**RECORDED INFORMATION:**
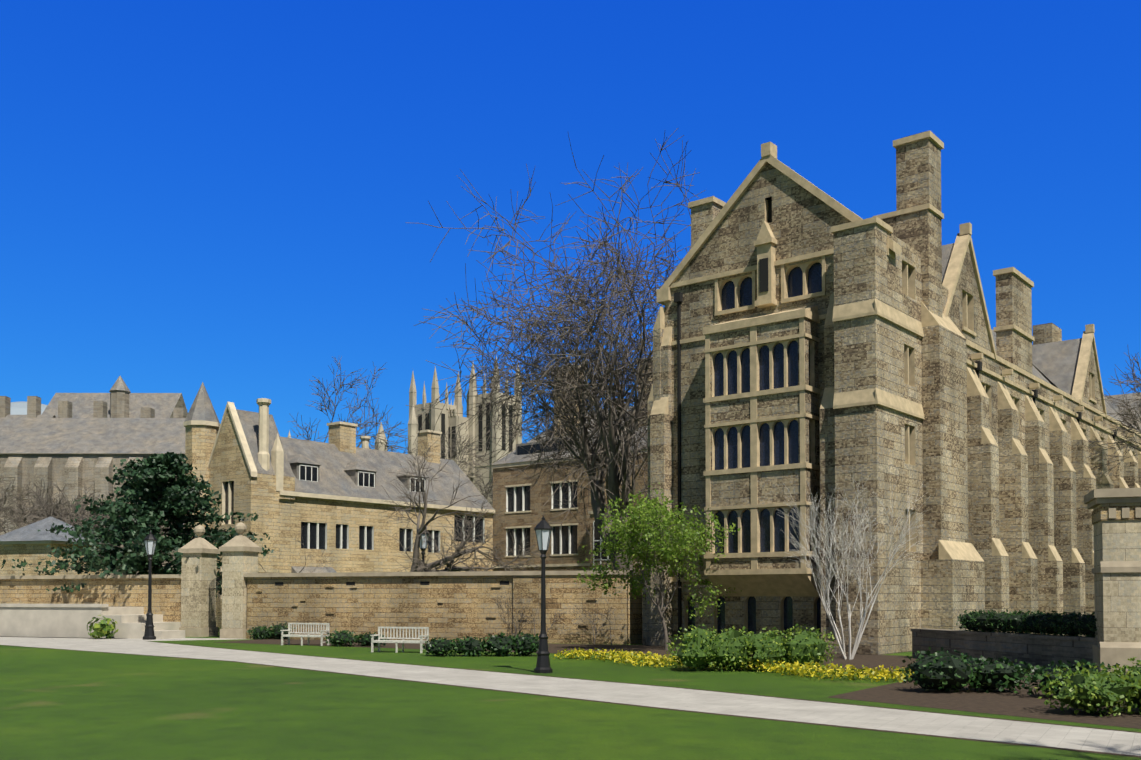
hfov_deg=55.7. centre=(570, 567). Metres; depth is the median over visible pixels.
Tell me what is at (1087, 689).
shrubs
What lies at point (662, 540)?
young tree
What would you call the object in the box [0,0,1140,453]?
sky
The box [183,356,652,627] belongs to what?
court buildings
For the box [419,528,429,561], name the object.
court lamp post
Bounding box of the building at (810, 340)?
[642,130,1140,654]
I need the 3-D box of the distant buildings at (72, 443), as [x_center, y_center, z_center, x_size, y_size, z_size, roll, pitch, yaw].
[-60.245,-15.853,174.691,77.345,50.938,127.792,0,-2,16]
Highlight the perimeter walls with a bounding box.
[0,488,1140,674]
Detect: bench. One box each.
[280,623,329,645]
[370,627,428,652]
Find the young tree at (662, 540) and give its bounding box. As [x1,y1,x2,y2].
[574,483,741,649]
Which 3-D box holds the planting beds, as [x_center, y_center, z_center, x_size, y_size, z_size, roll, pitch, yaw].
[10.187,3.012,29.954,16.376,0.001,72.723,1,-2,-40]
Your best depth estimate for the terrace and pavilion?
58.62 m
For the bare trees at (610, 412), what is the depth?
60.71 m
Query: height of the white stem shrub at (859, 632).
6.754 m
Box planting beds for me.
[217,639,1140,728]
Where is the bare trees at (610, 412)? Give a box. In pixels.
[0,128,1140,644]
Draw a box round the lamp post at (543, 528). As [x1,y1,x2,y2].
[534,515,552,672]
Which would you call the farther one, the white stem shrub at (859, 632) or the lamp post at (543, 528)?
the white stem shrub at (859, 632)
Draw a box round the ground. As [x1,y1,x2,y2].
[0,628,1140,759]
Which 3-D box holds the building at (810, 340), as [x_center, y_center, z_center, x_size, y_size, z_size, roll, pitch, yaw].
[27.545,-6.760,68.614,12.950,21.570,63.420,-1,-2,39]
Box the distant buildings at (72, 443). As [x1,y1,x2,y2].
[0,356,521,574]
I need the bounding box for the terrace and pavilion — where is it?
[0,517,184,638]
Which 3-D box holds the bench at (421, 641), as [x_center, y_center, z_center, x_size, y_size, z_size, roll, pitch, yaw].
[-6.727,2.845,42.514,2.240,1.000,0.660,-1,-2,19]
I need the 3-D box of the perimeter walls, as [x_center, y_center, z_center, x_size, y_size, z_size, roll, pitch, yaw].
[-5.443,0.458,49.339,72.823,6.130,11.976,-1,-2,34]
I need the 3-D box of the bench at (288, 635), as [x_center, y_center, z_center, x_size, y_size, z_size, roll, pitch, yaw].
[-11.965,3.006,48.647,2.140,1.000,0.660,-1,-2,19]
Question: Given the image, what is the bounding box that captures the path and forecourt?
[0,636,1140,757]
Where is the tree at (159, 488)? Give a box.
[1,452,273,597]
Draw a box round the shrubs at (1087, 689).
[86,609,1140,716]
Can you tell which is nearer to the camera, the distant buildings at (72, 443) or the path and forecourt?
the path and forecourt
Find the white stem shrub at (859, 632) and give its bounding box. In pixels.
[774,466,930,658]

--

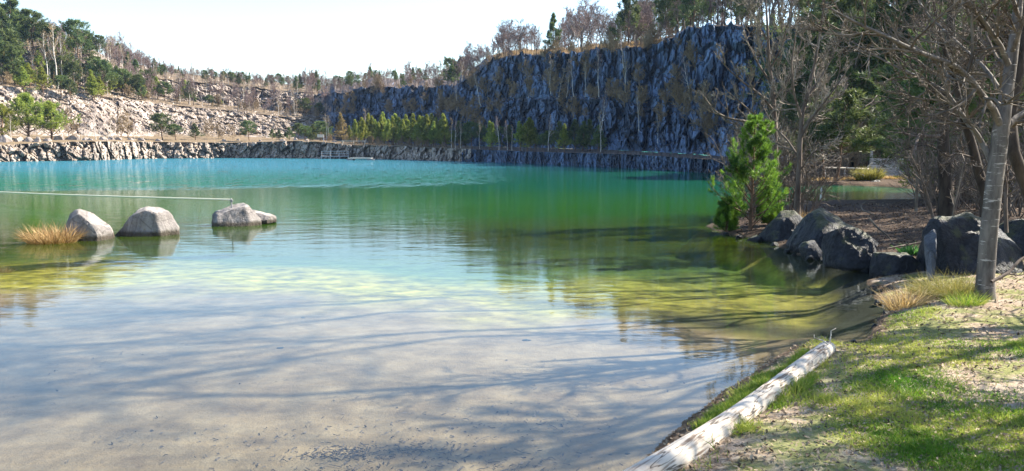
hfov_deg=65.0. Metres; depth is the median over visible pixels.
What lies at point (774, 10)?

**INSTRUCTIONS TO FOLLOW:**
Taking every line of the records in turn, count the ones holding "over", and state nothing but the number.

**EXPECTED ANSWER:**
2